# Florida Girl Bitten By Bat While Driving



## fishfreaks (Jan 19, 2005)

*SEMINOLE, Fla. -- *Teresa Shields has a new nickname, Batgirl, after a little-too-close encounter with one of the little flying mammals last week. The Florida teen said she was driving home when a bat flew through her car window and bit her. Her father said Teresa had two red marks and some tenderness but the bite didn't break the skin. The animal was foaming at the mouth when it attacked her, so it's being tested for rabies, just in case. A state wildlife official said bats can carry rabies, but it's no more common in bats than in any other animal. Shields said the experience was weird and scary initially. But she thinks it's funny now. And her family has already given Teresa a present: a Batman T-shirt. 
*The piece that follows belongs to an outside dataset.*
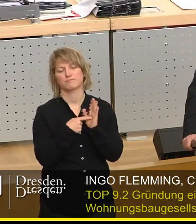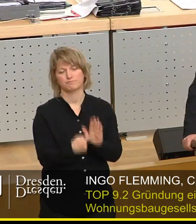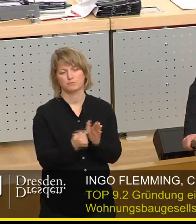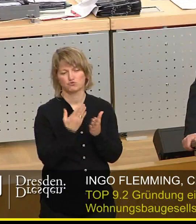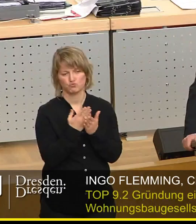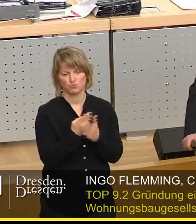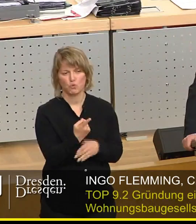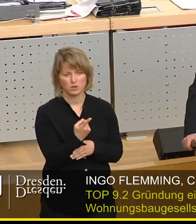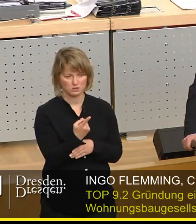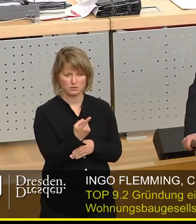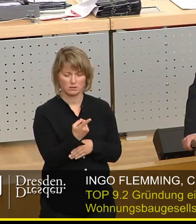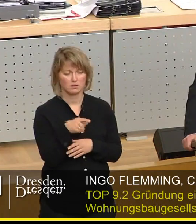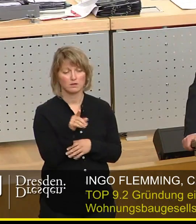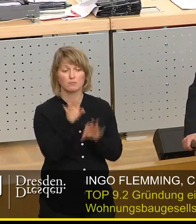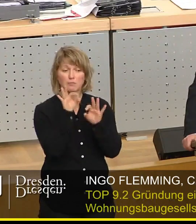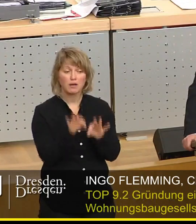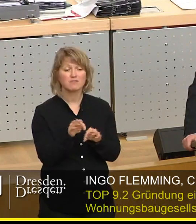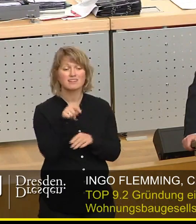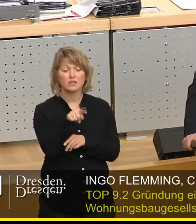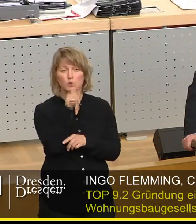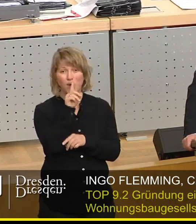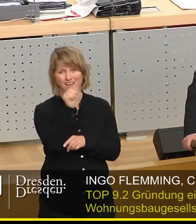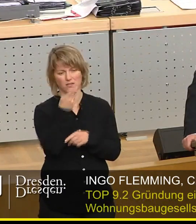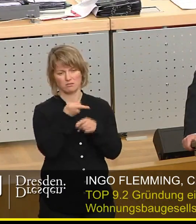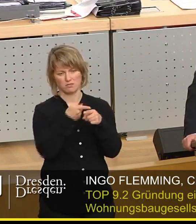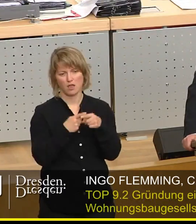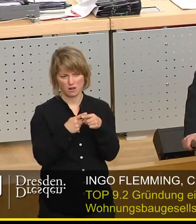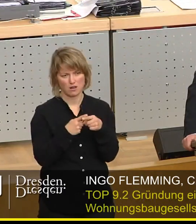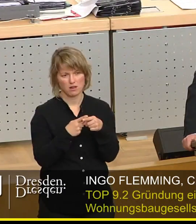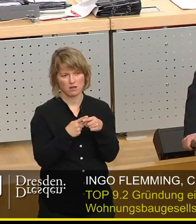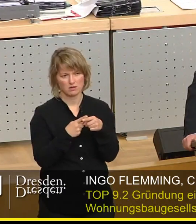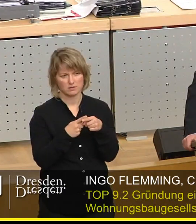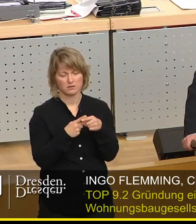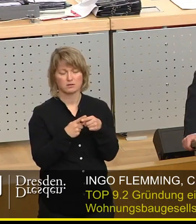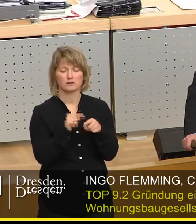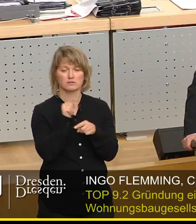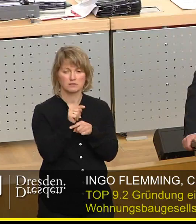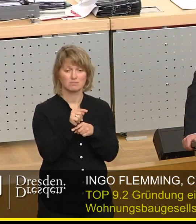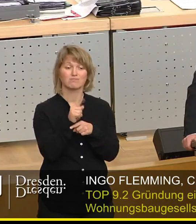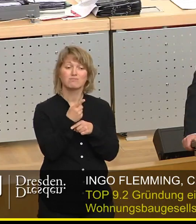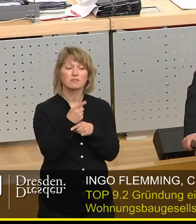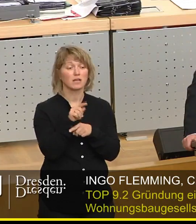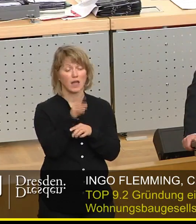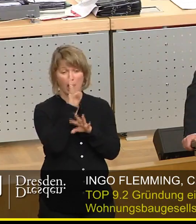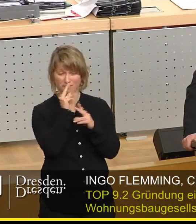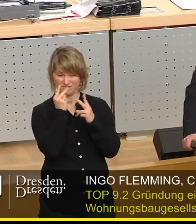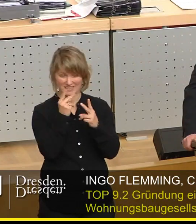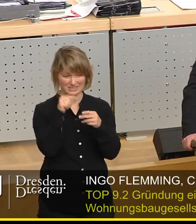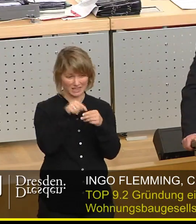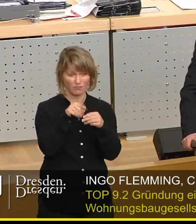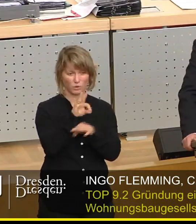dass erstens dies nur ein Baustein gewesen wäre und sicherlich nicht der bedeutendste in der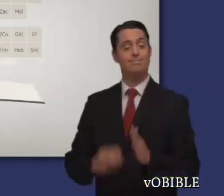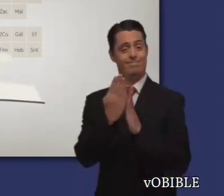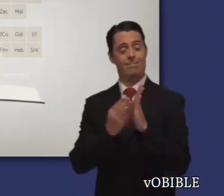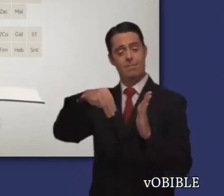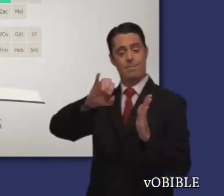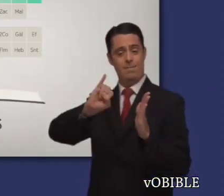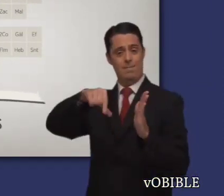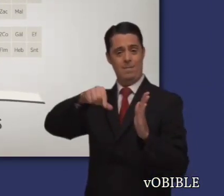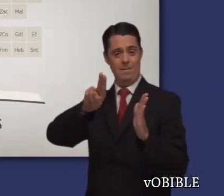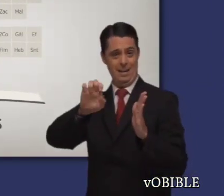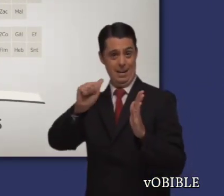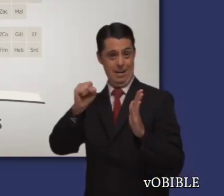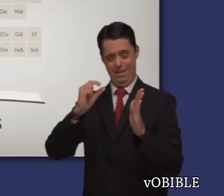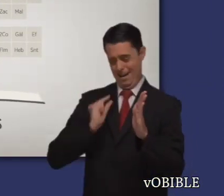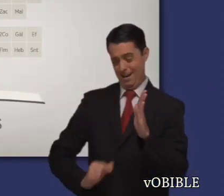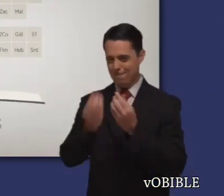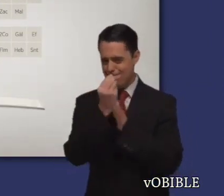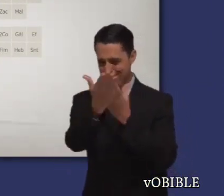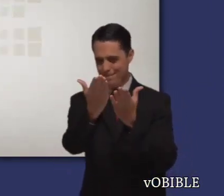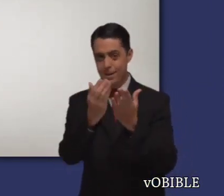Información sobre el libro de Mikeas

http://www.nbc10.com/news/4798323/detail.html


----------



## fishfreaks (Jan 19, 2005)

Thats quite an experience. And the last thing you would expect while driving.


----------



## fish_doc (Jan 31, 2005)

Would that make her car the batmoble. LOL


----------



## fishfreaks (Jan 19, 2005)

fish_doc said:


> Would that make her car the batmoble. LOL


haha yeah i guess that would :-D


----------



## Lexus (Jan 19, 2005)

I think I probably would have crashed


----------



## AshleytheGreat (Jul 24, 2005)

Just the other day friend was riding a dirtbike and got nailed in the chest by a bat...wierd.


----------



## blor (Jul 7, 2005)

bats....they're funny little creatures


----------



## fish_doc (Jan 31, 2005)

A group of us caught a bat in a old store we were fixing up years ago. Its illegal to kill them here even though they are not hard to find. Its amazing to look at their little hands. You can really see how they got the vampire stories from them.


----------